Chinn chatted with us via email about the new book.
Q. “Acne” is the name of your memoir, but it also becomes a metaphor for feeling good — or not feeling good — in your own skin. Is acne what began your idea for the memoir?
A. I’ve always wanted to write a memoir but I didn’t know where to start. My life has so many seemingly random events that I didn’t know how to write about it without it feeling all over the place. When I began looking at how much acne was a constant presence during all the random chaos, I realized that it could be a throughline to make the book feel more unified. Also, I was so afraid to talk about my skin, I had so much shame about it, so writing about it seemed like it would be extremely cathartic and it was!
Q. Race and class are deep themes in this book. Was one of the aims of your book to inspire others?
A. Definitely! I’ve been inspired by so many memoirs: Maya Angelou’s, Tina Fey’s, Michelle Obama’s, Steve Martin’s, to name a few. Hearing their stories and the challenges they overcame meant so much to me. I’ve always hoped that writing about my experiences could make other people feel less alone.
Q. Fans of your show “Florida Girls” will recognize many of the elements from the show in your life story — below-the-poverty-line living, the drinking, the sex, but also the incredibly feisty band of girls who strive for a better life. What did you want the memoir to do that the show couldn’t?
A. The show was a hard comedy so we didn’t delve too deeply into heavy emotions. The book allowed me to access parts of myself that I tend to hide behind jokes.
Q. You realize, of course, that you single-handedly reinforce every popular comic notion about Florida being cuckoo.
A. I was very surprised, after “Florida Girls” came out, how many people seemed to relate to it from every state in the country. I feel like Florida gets blamed for being cuckoo when really it’s just that a lot of humans are cuckoo. We’re just more open about it in Florida, I guess.
Q. To say your childhood was rough is an understatement. For instance, your mom and father come across in the book as very loving, but also often near-criminally neglectful. What did you come to understand about your upbringing in the process of writing this memoir?
A. Writing about it helped me see how much love was there. For so long, I’ve dwelled on the negatives of my upbringing and looking at the whole story helped me see how much light there was and how loved I was, albeit in unconventional ways.
Q. What did you come to understand about yourself you didn’t know before writing this?
A. That being hard on myself for my appearance had everything to do with self-hatred and nothing to do with my skin condition.
Q. What can be gained by delving into difficult pasts?
A. Everything!
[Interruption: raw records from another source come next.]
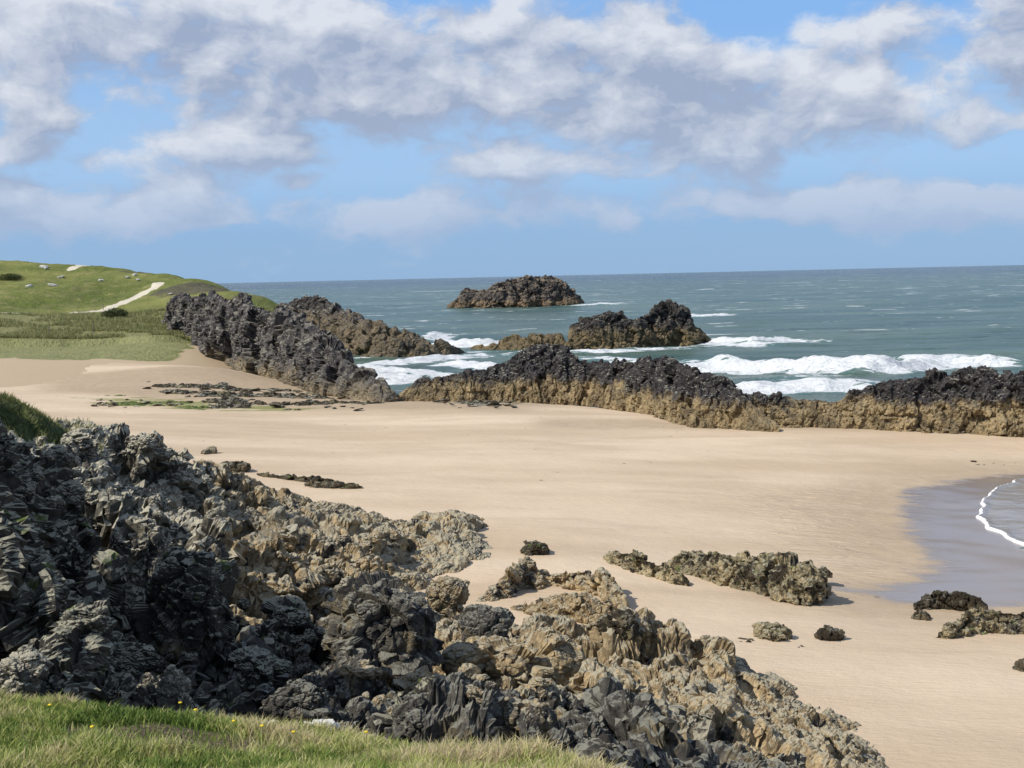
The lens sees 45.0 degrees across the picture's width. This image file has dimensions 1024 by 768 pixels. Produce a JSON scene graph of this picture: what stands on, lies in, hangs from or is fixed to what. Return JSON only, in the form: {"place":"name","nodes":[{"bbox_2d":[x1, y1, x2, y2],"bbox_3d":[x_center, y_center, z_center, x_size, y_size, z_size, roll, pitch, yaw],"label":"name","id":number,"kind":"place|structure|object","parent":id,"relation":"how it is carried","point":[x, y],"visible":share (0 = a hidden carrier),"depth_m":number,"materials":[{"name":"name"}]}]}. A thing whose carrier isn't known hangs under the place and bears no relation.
{"place":"outdoors","nodes":[
{"label":"outdoors","id":0,"kind":"place"},
{"bbox_2d":[0,260,278,386],"bbox_3d":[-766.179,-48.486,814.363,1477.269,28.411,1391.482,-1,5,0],"label":"hill","id":1,"kind":"structure","parent":0,"point":[32,361],"depth_m":238.14,"materials":[{"name":"plant"}]},
{"bbox_2d":[0,273,26,280],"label":"gorse bush","id":2,"kind":"object","parent":1,"relation":"on","point":[9,276],"visible":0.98,"depth_m":296.44,"materials":[{"name":"green plant"}]},
{"bbox_2d":[0,307,190,341],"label":"marram grass","id":3,"kind":"structure","parent":1,"relation":"on","point":[80,318],"depth_m":187.94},
{"bbox_2d":[100,307,128,318],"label":"gorse bush","id":4,"kind":"object","parent":1,"relation":"on","point":[114,312],"visible":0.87,"depth_m":204.74,"materials":[{"name":"green plant"}]},
{"bbox_2d":[0,684,634,767],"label":"grass bank","id":5,"kind":"structure","parent":0,"point":[177,729],"depth_m":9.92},
{"bbox_2d":[0,460,114,704],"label":"cliff rock","id":6,"kind":"object","parent":5,"relation":"on","point":[38,598],"visible":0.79,"depth_m":13.09,"materials":[{"name":"stone"}]},
{"bbox_2d":[13,484,36,494],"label":"stone","id":7,"kind":"object","parent":6,"relation":"on","point":[30,489],"visible":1,"depth_m":18.08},
{"bbox_2d":[0,646,53,698],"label":"boulder","id":8,"kind":"object","parent":6,"relation":"on","point":[24,669],"visible":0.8,"depth_m":11.61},
{"bbox_2d":[46,495,64,507],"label":"stone","id":9,"kind":"object","parent":6,"relation":"on","point":[55,501],"visible":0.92,"depth_m":18.54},
{"bbox_2d":[61,608,106,629],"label":"stone","id":10,"kind":"object","parent":6,"relation":"on","point":[96,620],"visible":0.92,"depth_m":12.67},
{"bbox_2d":[58,600,117,635],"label":"stone","id":11,"kind":"object","parent":6,"relation":"on","point":[100,607],"visible":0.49,"depth_m":12.78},
{"bbox_2d":[77,589,435,739],"bbox_3d":[-3.490,4.503,14.579,4.684,4.440,11.791,-4,6,-31],"label":"cliff rock","id":12,"kind":"object","parent":5,"relation":"on","point":[112,684],"visible":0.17,"depth_m":14.37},
{"bbox_2d":[97,656,111,671],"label":"stone","id":13,"kind":"object","parent":12,"relation":"on","point":[105,665],"visible":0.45,"depth_m":13.49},
{"bbox_2d":[112,641,157,675],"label":"stone","id":14,"kind":"object","parent":12,"relation":"on","point":[142,657],"visible":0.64,"depth_m":15.22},
{"bbox_2d":[114,656,131,672],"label":"stone","id":15,"kind":"object","parent":14,"relation":"on","point":[123,665],"visible":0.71,"depth_m":15.07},
{"bbox_2d":[133,672,160,710],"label":"boulder","id":16,"kind":"object","parent":12,"relation":"on","point":[144,696],"visible":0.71,"depth_m":13.40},
{"bbox_2d":[154,664,191,713],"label":"boulder","id":17,"kind":"object","parent":12,"relation":"on","point":[174,689],"visible":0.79,"depth_m":13.30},
{"bbox_2d":[300,719,340,731],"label":"stone","id":18,"kind":"object","parent":5,"relation":"on","point":[326,721],"visible":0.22,"depth_m":10.62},
{"bbox_2d":[0,363,1023,767],"bbox_3d":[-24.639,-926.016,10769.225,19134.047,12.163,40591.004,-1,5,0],"label":"beach","id":19,"kind":"structure","parent":0,"point":[888,529],"depth_m":58.59,"materials":[{"name":"sand"}]},
{"bbox_2d":[0,394,121,480],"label":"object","id":20,"kind":"structure","parent":19,"relation":"on","point":[35,424],"depth_m":39.14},
{"bbox_2d":[0,390,103,456],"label":"mound grass","id":21,"kind":"structure","parent":20,"relation":"on","point":[6,397],"depth_m":39.41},
{"bbox_2d":[59,428,99,450],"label":"stone","id":22,"kind":"object","parent":20,"relation":"on","point":[83,439],"visible":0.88,"depth_m":39.56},
{"bbox_2d":[97,395,210,409],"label":"rock platform","id":23,"kind":"object","parent":19,"relation":"on","point":[128,403],"visible":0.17,"depth_m":105.16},
{"bbox_2d":[0,417,315,676],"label":"rock crag","id":24,"kind":"structure","parent":19,"relation":"on","point":[84,560],"depth_m":23.45,"materials":[{"name":"stone"}]},
{"bbox_2d":[15,442,34,449],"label":"stone","id":25,"kind":"object","parent":24,"relation":"on","point":[25,445],"visible":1,"depth_m":25.04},
{"bbox_2d":[28,470,44,481],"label":"stone","id":26,"kind":"object","parent":24,"relation":"on","point":[38,475],"visible":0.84,"depth_m":23.90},
{"bbox_2d":[40,444,66,461],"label":"stone","id":27,"kind":"object","parent":24,"relation":"on","point":[52,453],"visible":0.98,"depth_m":25.22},
{"bbox_2d":[45,484,86,507],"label":"stone","id":28,"kind":"object","parent":24,"relation":"on","point":[80,497],"visible":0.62,"depth_m":24.95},
{"bbox_2d":[55,479,85,496],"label":"stone","id":29,"kind":"object","parent":24,"relation":"on","point":[63,488],"visible":0.88,"depth_m":24.97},
{"bbox_2d":[59,453,81,468],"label":"stone","id":30,"kind":"object","parent":24,"relation":"on","point":[70,460],"visible":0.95,"depth_m":25.24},
{"bbox_2d":[111,631,123,642],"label":"stone","id":31,"kind":"object","parent":24,"relation":"on","point":[117,636],"visible":0.56,"depth_m":19.62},
{"bbox_2d":[109,514,169,603],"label":"boulder","id":32,"kind":"object","parent":24,"relation":"on","point":[139,544],"visible":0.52,"depth_m":23.72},
{"bbox_2d":[260,594,312,634],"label":"stone","id":33,"kind":"object","parent":24,"relation":"on","point":[289,612],"visible":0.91,"depth_m":27.37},
{"bbox_2d":[58,419,339,540],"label":"rock crag","id":34,"kind":"structure","parent":19,"relation":"on","point":[247,521],"depth_m":44.30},
{"bbox_2d":[131,487,143,496],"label":"stone","id":35,"kind":"object","parent":34,"relation":"on","point":[138,491],"visible":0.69,"depth_m":40.78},
{"bbox_2d":[124,435,151,449],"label":"stone","id":36,"kind":"object","parent":34,"relation":"on","point":[130,441],"visible":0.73,"depth_m":43.23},
{"bbox_2d":[131,466,145,474],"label":"stone","id":37,"kind":"object","parent":34,"relation":"on","point":[135,471],"visible":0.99,"depth_m":42.98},
{"bbox_2d":[134,437,157,451],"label":"stone","id":38,"kind":"object","parent":34,"relation":"on","point":[144,443],"visible":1,"depth_m":42.96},
{"bbox_2d":[155,447,174,460],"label":"stone","id":39,"kind":"object","parent":34,"relation":"on","point":[167,454],"visible":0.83,"depth_m":43.69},
{"bbox_2d":[160,467,193,486],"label":"stone","id":40,"kind":"object","parent":34,"relation":"on","point":[181,476],"visible":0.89,"depth_m":44.68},
{"bbox_2d":[200,446,217,453],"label":"stone","id":41,"kind":"object","parent":19,"relation":"on","point":[210,450],"visible":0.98,"depth_m":71.87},
{"bbox_2d":[133,496,319,566],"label":"rock crag","id":42,"kind":"structure","parent":19,"relation":"on","point":[190,530],"depth_m":31.86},
{"bbox_2d":[7,430,167,550],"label":"rock crag","id":43,"kind":"structure","parent":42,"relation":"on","point":[117,499],"depth_m":31.63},
{"bbox_2d":[83,478,99,486],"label":"stone","id":44,"kind":"object","parent":43,"relation":"on","point":[92,482],"visible":1,"depth_m":31.32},
{"bbox_2d":[85,488,101,505],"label":"stone","id":45,"kind":"object","parent":43,"relation":"on","point":[91,498],"visible":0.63,"depth_m":31.17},
{"bbox_2d":[205,507,221,517],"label":"stone","id":46,"kind":"object","parent":42,"relation":"on","point":[212,513],"visible":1,"depth_m":31.55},
{"bbox_2d":[220,461,250,472],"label":"stone","id":47,"kind":"object","parent":19,"relation":"on","point":[238,466],"visible":0.62,"depth_m":65.45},
{"bbox_2d":[151,383,383,409],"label":"rock platform","id":48,"kind":"object","parent":19,"relation":"on","point":[229,399],"visible":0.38,"depth_m":111.44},
{"bbox_2d":[137,615,401,719],"bbox_3d":[-3.944,6.006,23.409,5.785,4.175,11.305,-1,5,0],"label":"rock outcrop","id":49,"kind":"object","parent":19,"relation":"on","point":[318,666],"visible":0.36,"depth_m":22.72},
{"bbox_2d":[146,651,169,673],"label":"stone","id":50,"kind":"object","parent":49,"relation":"on","point":[160,667],"visible":0.43,"depth_m":20.59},
{"bbox_2d":[163,647,179,660],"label":"stone","id":51,"kind":"object","parent":50,"relation":"on","point":[168,655],"visible":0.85,"depth_m":20.62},
{"bbox_2d":[154,631,178,643],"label":"stone","id":52,"kind":"object","parent":51,"relation":"on","point":[170,639],"visible":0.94,"depth_m":20.67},
{"bbox_2d":[130,546,239,666],"bbox_3d":[-5.621,3.822,21.256,1.883,2.137,1.449,-1,5,0],"label":"boulder","id":53,"kind":"object","parent":49,"relation":"on","point":[188,595],"visible":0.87,"depth_m":20.75,"materials":[{"name":"stone"}]},
{"bbox_2d":[178,652,198,663],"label":"stone","id":54,"kind":"object","parent":49,"relation":"on","point":[188,658],"visible":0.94,"depth_m":20.50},
{"bbox_2d":[227,646,273,691],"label":"stone","id":55,"kind":"object","parent":49,"relation":"on","point":[249,665],"visible":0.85,"depth_m":19.69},
{"bbox_2d":[267,658,292,676],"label":"stone","id":56,"kind":"object","parent":49,"relation":"on","point":[281,666],"visible":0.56,"depth_m":21.85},
{"bbox_2d":[279,643,310,655],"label":"stone","id":57,"kind":"object","parent":49,"relation":"on","point":[306,647],"visible":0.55,"depth_m":26.79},
{"bbox_2d":[290,634,314,659],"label":"stone","id":58,"kind":"object","parent":57,"relation":"on","point":[301,651],"visible":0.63,"depth_m":26.74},
{"bbox_2d":[306,628,318,642],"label":"stone","id":59,"kind":"object","parent":49,"relation":"on","point":[312,637],"visible":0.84,"depth_m":26.89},
{"bbox_2d":[336,664,354,677],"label":"stone","id":60,"kind":"object","parent":49,"relation":"on","point":[344,670],"visible":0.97,"depth_m":22.98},
{"bbox_2d":[352,665,382,679],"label":"stone","id":61,"kind":"object","parent":49,"relation":"on","point":[370,672],"visible":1,"depth_m":22.81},
{"bbox_2d":[160,290,397,401],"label":"rock headland","id":62,"kind":"structure","parent":19,"relation":"on","point":[242,333],"depth_m":139.36,"materials":[{"name":"stone"}]},
{"bbox_2d":[193,458,375,520],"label":"rock outcrop","id":63,"kind":"object","parent":19,"relation":"on","point":[248,491],"visible":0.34,"depth_m":50.32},
{"bbox_2d":[204,523,371,625],"bbox_3d":[-5.634,5.126,36.003,5.406,3.897,15.033,-1,5,0],"label":"rock outcrop","id":64,"kind":"object","parent":19,"relation":"on","point":[297,574],"visible":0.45,"depth_m":32.43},
{"bbox_2d":[236,598,249,610],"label":"stone","id":65,"kind":"object","parent":64,"relation":"on","point":[243,604],"visible":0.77,"depth_m":30.64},
{"bbox_2d":[277,580,295,593],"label":"stone","id":66,"kind":"object","parent":64,"relation":"on","point":[287,586],"visible":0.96,"depth_m":31.40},
{"bbox_2d":[284,538,303,548],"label":"stone","id":67,"kind":"object","parent":64,"relation":"on","point":[291,544],"visible":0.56,"depth_m":38.42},
{"bbox_2d":[302,532,317,545],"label":"stone","id":68,"kind":"object","parent":64,"relation":"on","point":[310,539],"visible":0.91,"depth_m":38.73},
{"bbox_2d":[310,556,323,565],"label":"stone","id":69,"kind":"object","parent":64,"relation":"on","point":[317,561],"visible":0.99,"depth_m":36.55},
{"bbox_2d":[322,558,336,568],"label":"stone","id":70,"kind":"object","parent":64,"relation":"on","point":[331,562],"visible":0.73,"depth_m":36.67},
{"bbox_2d":[322,567,342,585],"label":"stone","id":71,"kind":"object","parent":64,"relation":"on","point":[333,575],"visible":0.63,"depth_m":36.37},
{"bbox_2d":[335,534,354,547],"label":"stone","id":72,"kind":"object","parent":64,"relation":"on","point":[346,538],"visible":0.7,"depth_m":40.04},
{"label":"stone","id":73,"kind":"object","parent":64,"relation":"on","visible":0},
{"bbox_2d":[276,527,298,539],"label":"stone","id":74,"kind":"object","parent":73,"relation":"on","point":[284,533],"visible":0.94,"depth_m":38.30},
{"bbox_2d":[257,472,334,481],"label":"low rock ledge","id":75,"kind":"object","parent":19,"relation":"on","point":[303,478],"visible":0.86,"depth_m":62.75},
{"bbox_2d":[289,295,332,310],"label":"rock outcrop","id":76,"kind":"object","parent":19,"relation":"on","point":[306,302],"visible":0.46,"depth_m":321.40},
{"bbox_2d":[304,480,361,488],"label":"low rock ledge","id":77,"kind":"object","parent":19,"relation":"on","point":[328,484],"visible":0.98,"depth_m":60.38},
{"bbox_2d":[295,506,492,584],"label":"rock outcrop","id":78,"kind":"object","parent":19,"relation":"on","point":[432,545],"visible":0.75,"depth_m":46.46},
{"bbox_2d":[348,534,518,672],"bbox_3d":[-1.934,6.800,36.392,7.462,2.726,15.273,-1,5,0],"label":"rock outcrop","id":79,"kind":"object","parent":19,"relation":"on","point":[417,582],"visible":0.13,"depth_m":39.22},
{"bbox_2d":[364,534,382,544],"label":"stone","id":80,"kind":"object","parent":79,"relation":"on","point":[376,539],"visible":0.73,"depth_m":42.84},
{"bbox_2d":[391,572,412,584],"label":"stone","id":81,"kind":"object","parent":79,"relation":"on","point":[405,577],"visible":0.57,"depth_m":40.64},
{"bbox_2d":[425,575,469,614],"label":"boulder","id":82,"kind":"object","parent":79,"relation":"on","point":[446,591],"visible":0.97,"depth_m":34.90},
{"bbox_2d":[388,663,567,702],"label":"rock outcrop","id":83,"kind":"object","parent":19,"relation":"on","point":[505,682],"visible":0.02,"depth_m":23.02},
{"bbox_2d":[321,571,443,685],"bbox_3d":[-2.627,4.961,25.057,2.549,2.230,2.113,-1,5,0],"label":"boulder","id":84,"kind":"object","parent":83,"relation":"on","point":[382,618],"visible":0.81,"depth_m":24.37,"materials":[{"name":"stone"}]},
{"bbox_2d":[405,672,421,680],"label":"stone","id":85,"kind":"object","parent":83,"relation":"on","point":[412,676],"visible":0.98,"depth_m":22.77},
{"bbox_2d":[441,627,585,685],"bbox_3d":[0.030,5.715,25.868,3.031,1.220,1.678,-1,5,0],"label":"boulder","id":86,"kind":"object","parent":83,"relation":"on","point":[557,657],"visible":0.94,"depth_m":25.47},
{"bbox_2d":[530,677,552,687],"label":"stone","id":87,"kind":"object","parent":83,"relation":"on","point":[535,682],"visible":1,"depth_m":21.33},
{"bbox_2d":[454,400,516,405],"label":"rock platform","id":88,"kind":"object","parent":19,"relation":"on","point":[475,404],"visible":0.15,"depth_m":102.35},
{"bbox_2d":[280,671,789,767],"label":"rock outcrop","id":89,"kind":"object","parent":19,"relation":"on","point":[611,718],"visible":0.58,"depth_m":14.35,"materials":[{"name":"stone"}]},
{"bbox_2d":[259,678,332,724],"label":"boulder","id":90,"kind":"object","parent":89,"relation":"on","point":[304,698],"visible":0.81,"depth_m":15.06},
{"bbox_2d":[372,694,386,704],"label":"stone","id":91,"kind":"object","parent":89,"relation":"on","point":[378,699],"visible":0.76,"depth_m":17.02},
{"bbox_2d":[384,692,454,743],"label":"boulder","id":92,"kind":"object","parent":89,"relation":"on","point":[409,721],"visible":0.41,"depth_m":13.96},
{"bbox_2d":[459,663,475,677],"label":"stone","id":93,"kind":"object","parent":89,"relation":"on","point":[468,670],"visible":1,"depth_m":14.53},
{"bbox_2d":[463,686,483,698],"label":"stone","id":94,"kind":"object","parent":89,"relation":"on","point":[474,692],"visible":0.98,"depth_m":14.10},
{"bbox_2d":[494,696,558,744],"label":"boulder","id":95,"kind":"object","parent":89,"relation":"on","point":[544,717],"visible":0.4,"depth_m":14.15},
{"bbox_2d":[520,540,549,555],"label":"stone","id":96,"kind":"object","parent":19,"relation":"on","point":[532,548],"visible":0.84,"depth_m":47.13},
{"bbox_2d":[476,556,629,608],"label":"sand rock","id":97,"kind":"object","parent":19,"relation":"on","point":[525,573],"visible":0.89,"depth_m":41.40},
{"bbox_2d":[510,591,628,623],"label":"sand rock","id":98,"kind":"object","parent":19,"relation":"on","point":[585,607],"visible":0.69,"depth_m":38.03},
{"bbox_2d":[397,342,778,431],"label":"rock ridge","id":99,"kind":"object","parent":19,"relation":"on","point":[671,389],"visible":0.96,"depth_m":103.18,"materials":[{"name":"stone"}]},
{"bbox_2d":[432,606,851,731],"bbox_3d":[2.787,7.329,30.354,9.862,3.013,10.811,3,6,38],"label":"rock outcrop","id":100,"kind":"object","parent":19,"relation":"on","point":[669,660],"visible":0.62,"depth_m":30.80,"materials":[{"name":"stone"}]},
{"bbox_2d":[457,604,514,641],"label":"boulder","id":101,"kind":"object","parent":100,"relation":"on","point":[480,620],"visible":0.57,"depth_m":30.11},
{"bbox_2d":[596,609,638,640],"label":"stone","id":102,"kind":"object","parent":100,"relation":"on","point":[625,625],"visible":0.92,"depth_m":30.83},
{"bbox_2d":[603,549,689,585],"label":"sand rock","id":103,"kind":"object","parent":19,"relation":"on","point":[634,561],"visible":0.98,"depth_m":44.52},
{"bbox_2d":[527,681,806,767],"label":"rock outcrop","id":104,"kind":"object","parent":19,"relation":"on","point":[699,724],"visible":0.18,"depth_m":21.39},
{"bbox_2d":[582,682,887,767],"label":"rock outcrop","id":105,"kind":"object","parent":19,"relation":"on","point":[808,732],"visible":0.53,"depth_m":24.63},
{"bbox_2d":[664,550,831,605],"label":"sand rock","id":106,"kind":"object","parent":19,"relation":"on","point":[788,576],"visible":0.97,"depth_m":42.34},
{"bbox_2d":[752,621,792,641],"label":"stone","id":107,"kind":"object","parent":19,"relation":"on","point":[772,632],"visible":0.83,"depth_m":36.46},
{"bbox_2d":[814,625,844,640],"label":"stone","id":108,"kind":"object","parent":19,"relation":"on","point":[828,633],"visible":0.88,"depth_m":36.71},
{"bbox_2d":[742,365,1023,437],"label":"rock ridge","id":109,"kind":"object","parent":19,"relation":"on","point":[984,400],"visible":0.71,"depth_m":84.09,"materials":[{"name":"stone"}]},
{"bbox_2d":[911,608,930,620],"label":"sand rock","id":110,"kind":"object","parent":19,"relation":"on","point":[918,614],"visible":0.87,"depth_m":40.10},
{"bbox_2d":[913,590,987,611],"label":"sand rock","id":111,"kind":"object","parent":19,"relation":"on","point":[953,600],"visible":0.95,"depth_m":41.78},
{"bbox_2d":[935,606,1023,638],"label":"sand rock","id":112,"kind":"object","parent":19,"relation":"on","point":[975,621],"visible":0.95,"depth_m":38.35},
{"bbox_2d":[1012,658,1023,671],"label":"stone","id":113,"kind":"object","parent":19,"relation":"on","point":[1019,665],"visible":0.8,"depth_m":34.34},
{"bbox_2d":[0,0,1023,282],"label":"sky","id":114,"kind":"structure","parent":0,"point":[216,141],"materials":[{"name":"blue"}]},
{"bbox_2d":[216,265,1023,548],"bbox_3d":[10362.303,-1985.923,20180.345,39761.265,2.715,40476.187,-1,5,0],"label":"sea","id":115,"kind":"structure","parent":0,"point":[832,335],"depth_m":312.91,"materials":[{"name":"liquid"}]},
{"bbox_2d":[277,302,464,356],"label":"rock shelf","id":116,"kind":"object","parent":115,"relation":"in","point":[356,333],"visible":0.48,"depth_m":193.72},
{"bbox_2d":[446,274,584,307],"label":"rocky island","id":117,"kind":"structure","parent":115,"relation":"in","point":[545,290],"depth_m":489.63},
{"bbox_2d":[470,333,566,349],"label":"sea rock","id":118,"kind":"object","parent":115,"relation":"in","point":[514,342],"visible":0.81,"depth_m":204.70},
{"bbox_2d":[567,299,711,349],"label":"sea rock","id":119,"kind":"object","parent":115,"relation":"in","point":[668,322],"visible":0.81,"depth_m":200.28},
{"bbox_2d":[976,478,1023,544],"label":"shallow water","id":120,"kind":"structure","parent":115,"relation":"on","point":[1001,510],"depth_m":59.79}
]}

We are all capable of so much growth. We don’t have to stay trapped in negative feelings. We don’t have to continue to harm ourselves over and over again. Digging out the past and freeing trapped feelings can allow us to move forward in ways we never imagined.
Q. What are you working on now?
A. I’m about to direct a feature [film]! I wrote a screenplay that was on the Blacklist [an influential list of well-regarded unproduced scripts] in 2020 and I’m going to direct it this summer.
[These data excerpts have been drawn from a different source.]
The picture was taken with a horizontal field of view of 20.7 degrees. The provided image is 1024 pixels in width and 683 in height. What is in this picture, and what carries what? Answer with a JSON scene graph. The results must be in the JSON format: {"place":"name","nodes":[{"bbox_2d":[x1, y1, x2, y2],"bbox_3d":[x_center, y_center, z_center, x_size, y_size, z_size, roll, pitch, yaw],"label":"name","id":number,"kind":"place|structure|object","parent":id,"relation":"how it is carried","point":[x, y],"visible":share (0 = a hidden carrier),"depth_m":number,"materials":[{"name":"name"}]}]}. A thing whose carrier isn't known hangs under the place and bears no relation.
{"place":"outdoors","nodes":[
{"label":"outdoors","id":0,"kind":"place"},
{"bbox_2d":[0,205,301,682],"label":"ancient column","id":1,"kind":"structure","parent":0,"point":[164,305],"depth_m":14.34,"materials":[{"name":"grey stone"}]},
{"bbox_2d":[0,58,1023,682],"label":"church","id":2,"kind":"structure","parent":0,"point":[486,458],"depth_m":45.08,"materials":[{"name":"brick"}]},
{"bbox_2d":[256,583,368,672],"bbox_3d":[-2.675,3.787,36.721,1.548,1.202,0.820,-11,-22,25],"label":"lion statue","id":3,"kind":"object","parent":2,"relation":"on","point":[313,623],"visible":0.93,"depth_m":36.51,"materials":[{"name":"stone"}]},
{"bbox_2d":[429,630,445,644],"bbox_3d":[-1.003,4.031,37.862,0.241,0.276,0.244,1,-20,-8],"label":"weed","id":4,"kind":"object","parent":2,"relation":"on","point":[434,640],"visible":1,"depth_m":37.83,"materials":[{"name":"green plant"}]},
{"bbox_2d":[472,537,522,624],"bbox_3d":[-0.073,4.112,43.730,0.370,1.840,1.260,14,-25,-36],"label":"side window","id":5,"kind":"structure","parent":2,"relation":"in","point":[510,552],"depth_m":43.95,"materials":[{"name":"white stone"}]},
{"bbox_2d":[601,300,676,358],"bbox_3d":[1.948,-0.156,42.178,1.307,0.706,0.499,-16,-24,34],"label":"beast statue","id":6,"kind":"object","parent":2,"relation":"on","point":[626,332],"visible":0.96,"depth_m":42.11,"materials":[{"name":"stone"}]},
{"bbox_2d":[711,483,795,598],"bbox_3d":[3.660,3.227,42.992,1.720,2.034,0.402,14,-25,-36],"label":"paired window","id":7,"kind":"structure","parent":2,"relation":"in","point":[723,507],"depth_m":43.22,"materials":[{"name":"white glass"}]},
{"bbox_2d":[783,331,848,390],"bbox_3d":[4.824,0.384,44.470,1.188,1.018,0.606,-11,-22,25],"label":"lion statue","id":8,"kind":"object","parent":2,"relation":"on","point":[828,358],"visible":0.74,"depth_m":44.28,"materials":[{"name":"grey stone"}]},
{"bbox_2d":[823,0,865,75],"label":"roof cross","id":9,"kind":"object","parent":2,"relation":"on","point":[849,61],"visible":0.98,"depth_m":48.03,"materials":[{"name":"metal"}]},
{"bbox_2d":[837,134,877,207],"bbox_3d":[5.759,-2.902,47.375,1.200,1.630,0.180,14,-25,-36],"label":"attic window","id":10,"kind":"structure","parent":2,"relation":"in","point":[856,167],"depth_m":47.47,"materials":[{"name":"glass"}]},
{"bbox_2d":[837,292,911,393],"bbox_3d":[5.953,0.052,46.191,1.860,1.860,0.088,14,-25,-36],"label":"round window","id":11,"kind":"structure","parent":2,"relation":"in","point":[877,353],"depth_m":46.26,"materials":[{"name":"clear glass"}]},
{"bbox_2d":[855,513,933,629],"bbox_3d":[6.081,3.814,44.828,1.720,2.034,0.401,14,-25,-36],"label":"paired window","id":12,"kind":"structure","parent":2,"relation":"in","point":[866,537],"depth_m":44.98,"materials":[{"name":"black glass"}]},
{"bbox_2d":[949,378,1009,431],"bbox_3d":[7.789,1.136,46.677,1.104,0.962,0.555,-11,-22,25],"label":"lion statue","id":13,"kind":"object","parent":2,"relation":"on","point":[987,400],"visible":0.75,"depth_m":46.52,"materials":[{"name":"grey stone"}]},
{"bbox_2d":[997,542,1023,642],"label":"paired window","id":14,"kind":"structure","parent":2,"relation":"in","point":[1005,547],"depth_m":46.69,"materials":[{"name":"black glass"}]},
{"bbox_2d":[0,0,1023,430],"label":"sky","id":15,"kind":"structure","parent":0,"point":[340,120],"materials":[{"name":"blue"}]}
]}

Q. Finally, since it’s the title of the book — what advice do you have for those who suffer from acne?
A. Find ways to be kind to yourself. Go for a walk in nature, smile at yourself in the mirror, write yourself a love letter. This condition is particularly challenging because we are expected to hide it from the world. As if it’s not hard enough to have a health issue, but this one is expected to be covered in makeup and filtered out of photos. It’s unfair and finding any excuse to be kind to yourself might make it a little easier.